*** THE DATA ***

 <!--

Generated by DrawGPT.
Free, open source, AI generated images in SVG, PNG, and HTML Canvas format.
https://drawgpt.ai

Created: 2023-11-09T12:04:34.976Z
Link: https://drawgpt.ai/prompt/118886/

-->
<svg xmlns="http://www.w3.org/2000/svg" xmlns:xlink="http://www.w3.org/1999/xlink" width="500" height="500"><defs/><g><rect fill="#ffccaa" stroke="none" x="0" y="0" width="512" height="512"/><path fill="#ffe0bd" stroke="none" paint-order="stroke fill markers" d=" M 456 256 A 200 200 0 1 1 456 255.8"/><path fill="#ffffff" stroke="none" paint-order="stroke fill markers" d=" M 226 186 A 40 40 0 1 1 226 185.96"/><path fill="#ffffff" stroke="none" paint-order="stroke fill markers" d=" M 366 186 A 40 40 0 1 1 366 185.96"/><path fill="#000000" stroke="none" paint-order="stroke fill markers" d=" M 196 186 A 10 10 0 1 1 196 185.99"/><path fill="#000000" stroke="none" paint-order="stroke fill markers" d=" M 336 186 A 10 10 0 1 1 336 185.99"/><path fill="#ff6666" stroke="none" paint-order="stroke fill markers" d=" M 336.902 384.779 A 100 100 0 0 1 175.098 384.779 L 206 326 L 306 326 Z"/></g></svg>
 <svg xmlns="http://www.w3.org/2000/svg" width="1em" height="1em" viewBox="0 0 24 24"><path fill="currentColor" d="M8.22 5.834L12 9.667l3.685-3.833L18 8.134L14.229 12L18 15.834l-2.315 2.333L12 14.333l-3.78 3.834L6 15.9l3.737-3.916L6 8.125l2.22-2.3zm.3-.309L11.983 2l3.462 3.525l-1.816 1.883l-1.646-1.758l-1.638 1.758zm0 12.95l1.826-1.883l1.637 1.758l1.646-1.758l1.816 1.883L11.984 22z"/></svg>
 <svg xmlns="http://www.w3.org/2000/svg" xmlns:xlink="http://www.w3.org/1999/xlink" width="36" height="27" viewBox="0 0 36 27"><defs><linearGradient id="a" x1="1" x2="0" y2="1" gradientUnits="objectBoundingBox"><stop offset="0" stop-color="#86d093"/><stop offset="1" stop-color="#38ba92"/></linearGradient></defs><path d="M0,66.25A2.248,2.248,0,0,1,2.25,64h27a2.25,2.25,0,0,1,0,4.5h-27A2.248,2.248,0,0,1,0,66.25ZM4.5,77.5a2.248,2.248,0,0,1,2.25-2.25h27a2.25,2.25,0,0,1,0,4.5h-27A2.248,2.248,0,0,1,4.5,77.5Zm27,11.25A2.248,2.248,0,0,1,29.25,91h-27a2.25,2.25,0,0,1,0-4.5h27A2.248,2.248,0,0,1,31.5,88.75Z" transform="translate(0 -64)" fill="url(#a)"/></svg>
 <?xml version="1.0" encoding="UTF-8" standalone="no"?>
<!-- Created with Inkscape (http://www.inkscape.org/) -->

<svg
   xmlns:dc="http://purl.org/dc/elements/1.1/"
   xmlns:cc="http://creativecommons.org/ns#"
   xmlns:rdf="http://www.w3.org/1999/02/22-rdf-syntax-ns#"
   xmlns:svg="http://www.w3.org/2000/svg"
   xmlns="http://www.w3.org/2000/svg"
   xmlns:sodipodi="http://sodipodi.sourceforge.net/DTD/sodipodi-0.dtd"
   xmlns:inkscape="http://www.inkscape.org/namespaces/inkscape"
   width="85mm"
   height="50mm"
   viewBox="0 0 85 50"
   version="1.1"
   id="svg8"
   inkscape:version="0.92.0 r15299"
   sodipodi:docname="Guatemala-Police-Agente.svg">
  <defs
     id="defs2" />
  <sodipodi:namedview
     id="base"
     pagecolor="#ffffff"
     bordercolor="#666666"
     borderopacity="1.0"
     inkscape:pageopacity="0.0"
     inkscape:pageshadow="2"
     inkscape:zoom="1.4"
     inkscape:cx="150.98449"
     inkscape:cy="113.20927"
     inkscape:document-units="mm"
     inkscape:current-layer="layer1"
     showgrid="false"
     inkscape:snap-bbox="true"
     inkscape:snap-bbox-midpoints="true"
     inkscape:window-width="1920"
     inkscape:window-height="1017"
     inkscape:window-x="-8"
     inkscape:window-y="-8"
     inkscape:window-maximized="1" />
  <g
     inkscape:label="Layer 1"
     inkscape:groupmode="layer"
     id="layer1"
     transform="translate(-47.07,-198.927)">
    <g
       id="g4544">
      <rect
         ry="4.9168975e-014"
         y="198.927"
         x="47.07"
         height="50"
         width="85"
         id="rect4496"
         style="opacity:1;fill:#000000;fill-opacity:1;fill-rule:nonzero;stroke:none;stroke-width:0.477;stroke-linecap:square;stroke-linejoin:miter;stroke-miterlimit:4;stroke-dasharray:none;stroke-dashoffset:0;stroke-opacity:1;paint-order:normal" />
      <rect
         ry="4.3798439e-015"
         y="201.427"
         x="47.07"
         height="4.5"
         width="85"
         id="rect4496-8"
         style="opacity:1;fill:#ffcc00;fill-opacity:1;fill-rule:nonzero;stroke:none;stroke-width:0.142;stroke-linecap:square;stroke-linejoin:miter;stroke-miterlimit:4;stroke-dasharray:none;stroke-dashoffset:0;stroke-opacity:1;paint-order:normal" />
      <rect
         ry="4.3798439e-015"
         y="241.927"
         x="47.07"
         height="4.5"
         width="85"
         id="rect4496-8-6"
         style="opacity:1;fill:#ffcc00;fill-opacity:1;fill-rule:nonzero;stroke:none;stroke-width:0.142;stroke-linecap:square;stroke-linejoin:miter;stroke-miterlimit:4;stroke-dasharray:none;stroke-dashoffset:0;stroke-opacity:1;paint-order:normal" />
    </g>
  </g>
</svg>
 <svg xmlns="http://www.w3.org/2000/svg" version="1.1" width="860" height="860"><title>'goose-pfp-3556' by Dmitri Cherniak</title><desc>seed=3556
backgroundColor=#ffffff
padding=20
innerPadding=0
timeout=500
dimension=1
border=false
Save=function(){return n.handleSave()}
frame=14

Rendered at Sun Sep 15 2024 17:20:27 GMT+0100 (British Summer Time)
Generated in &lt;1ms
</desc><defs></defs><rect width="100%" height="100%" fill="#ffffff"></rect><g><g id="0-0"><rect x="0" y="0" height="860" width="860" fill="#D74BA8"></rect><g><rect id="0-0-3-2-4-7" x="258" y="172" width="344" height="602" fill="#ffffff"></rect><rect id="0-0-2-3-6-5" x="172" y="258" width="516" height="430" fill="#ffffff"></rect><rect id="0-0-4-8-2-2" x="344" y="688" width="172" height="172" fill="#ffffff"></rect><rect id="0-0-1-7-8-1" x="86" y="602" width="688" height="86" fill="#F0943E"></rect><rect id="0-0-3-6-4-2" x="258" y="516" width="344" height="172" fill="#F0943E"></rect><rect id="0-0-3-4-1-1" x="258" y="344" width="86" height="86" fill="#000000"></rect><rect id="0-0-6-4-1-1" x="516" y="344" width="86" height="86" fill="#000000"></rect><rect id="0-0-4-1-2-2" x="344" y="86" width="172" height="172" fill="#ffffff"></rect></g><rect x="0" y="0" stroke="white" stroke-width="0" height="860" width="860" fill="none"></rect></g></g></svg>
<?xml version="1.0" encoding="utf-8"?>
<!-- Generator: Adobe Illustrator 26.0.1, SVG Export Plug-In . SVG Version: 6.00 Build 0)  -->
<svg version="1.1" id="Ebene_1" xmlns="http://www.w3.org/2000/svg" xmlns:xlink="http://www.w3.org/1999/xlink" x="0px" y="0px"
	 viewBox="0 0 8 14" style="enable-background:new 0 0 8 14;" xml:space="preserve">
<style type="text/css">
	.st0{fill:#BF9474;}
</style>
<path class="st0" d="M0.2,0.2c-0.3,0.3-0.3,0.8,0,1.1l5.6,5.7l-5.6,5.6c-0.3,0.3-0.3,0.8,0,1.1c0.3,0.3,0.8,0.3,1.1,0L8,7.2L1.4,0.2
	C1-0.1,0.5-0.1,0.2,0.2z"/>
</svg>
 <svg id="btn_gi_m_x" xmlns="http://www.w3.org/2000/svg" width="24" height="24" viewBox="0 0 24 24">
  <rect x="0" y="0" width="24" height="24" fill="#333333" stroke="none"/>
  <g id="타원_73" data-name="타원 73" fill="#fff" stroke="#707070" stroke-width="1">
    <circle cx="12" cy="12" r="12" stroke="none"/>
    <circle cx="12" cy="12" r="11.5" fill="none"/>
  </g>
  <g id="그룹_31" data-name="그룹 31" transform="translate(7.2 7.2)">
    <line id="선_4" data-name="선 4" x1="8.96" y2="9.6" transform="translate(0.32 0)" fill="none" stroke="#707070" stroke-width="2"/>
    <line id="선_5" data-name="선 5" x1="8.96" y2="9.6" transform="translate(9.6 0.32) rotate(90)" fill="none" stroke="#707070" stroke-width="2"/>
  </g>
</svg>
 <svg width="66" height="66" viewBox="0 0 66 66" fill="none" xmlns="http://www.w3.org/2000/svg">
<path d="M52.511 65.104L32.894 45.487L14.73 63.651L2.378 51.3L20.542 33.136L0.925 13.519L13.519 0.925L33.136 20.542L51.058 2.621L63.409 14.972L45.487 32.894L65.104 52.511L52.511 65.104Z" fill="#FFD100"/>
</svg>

*** End of THE DATA ***

- [YOUR OBJECTIVE]: Locate all lines in the listing above with the word "translate". Copy them.

- [RESPONSE AREA]:
 <svg xmlns="http://www.w3.org/2000/svg" xmlns:xlink="http://www.w3.org/1999/xlink" width="36" height="27" viewBox="0 0 36 27"><defs><linearGradient id="a" x1="1" x2="0" y2="1" gradientUnits="objectBoundingBox"><stop offset="0" stop-color="#86d093"/><stop offset="1" stop-color="#38ba92"/></linearGradient></defs><path d="M0,66.25A2.248,2.248,0,0,1,2.25,64h27a2.25,2.25,0,0,1,0,4.5h-27A2.248,2.248,0,0,1,0,66.25ZM4.5,77.5a2.248,2.248,0,0,1,2.25-2.25h27a2.25,2.25,0,0,1,0,4.5h-27A2.248,2.248,0,0,1,4.5,77.5Zm27,11.25A2.248,2.248,0,0,1,29.25,91h-27a2.25,2.25,0,0,1,0-4.5h27A2.248,2.248,0,0,1,31.5,88.75Z" transform="translate(0 -64)" fill="url(#a)"/></svg>
     transform="translate(-47.07,-198.927)">
  <g id="그룹_31" data-name="그룹 31" transform="translate(7.2 7.2)">
    <line id="선_4" data-name="선 4" x1="8.96" y2="9.6" transform="translate(0.32 0)" fill="none" stroke="#707070" stroke-width="2"/>
    <line id="선_5" data-name="선 5" x1="8.96" y2="9.6" transform="translate(9.6 0.32) rotate(90)" fill="none" stroke="#707070" stroke-width="2"/>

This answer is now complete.